Il raggruppamento Comuni di Confine del Vicentino è attivo da diversi anni. E diverse sono state le leggi ed i finanziamenti, seguiti dal raggruppamento, via via messi in campo dal governo nazionale per frenare le aspirazioni secessioniste dei Comuni sofferenti a causa della vicinanza con realtà autonome. Nel 2006 l’associazione riuscì ad ottenere che il fondo di 10 milioni di euro per le province confinanti con Trento e Bolzano fossero assegnati al 40 per cento solo ai Comuni a confine, riuscendo a sostenere così 12 realtà locali effettivamente disagiate. Oggi chiede che questa percentuale venga elevata al 90 per cento. Nel 2007 ha seguito l’assegnazione di 25 milioni di euro ai 99 Comuni ai confini con regioni a statuto speciale, che si sono tradotti in circa 250 mila euro per le relative amministrazioni vicentine. Ha seguito inoltre lo stanziamento e le opportunità di finanziamento relative al triennio 2008/2011. Fino alla uscita della legge finanziaria 2010.

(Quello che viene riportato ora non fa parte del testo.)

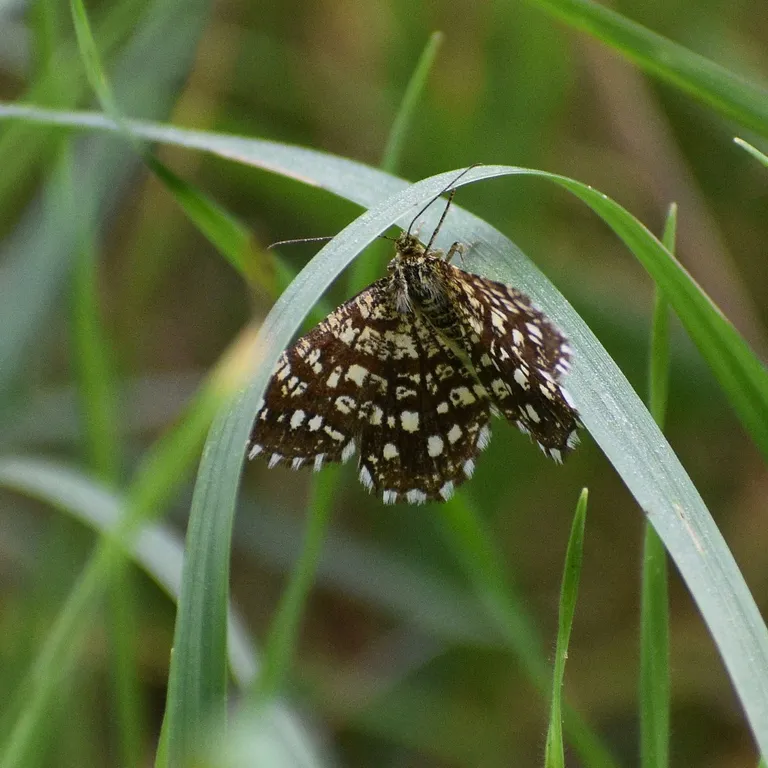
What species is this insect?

Spesso- ha concluso Toniolo- risulta difficoltoso, soprattutto per le singole realtà, riuscire ad attingere a fondi nazionali. In questi casi le opportunità restano solo prospettive teoriche. Il raggruppamento dei Comuni di confine propone un modello di operatività che la Provincia ha approvato con convinzione, perché consente di trarre il meglio da una rete di competenze e funzioni integrate che permette di portare opportunità concrete anche a chi ha meno strumenti a disposizione.”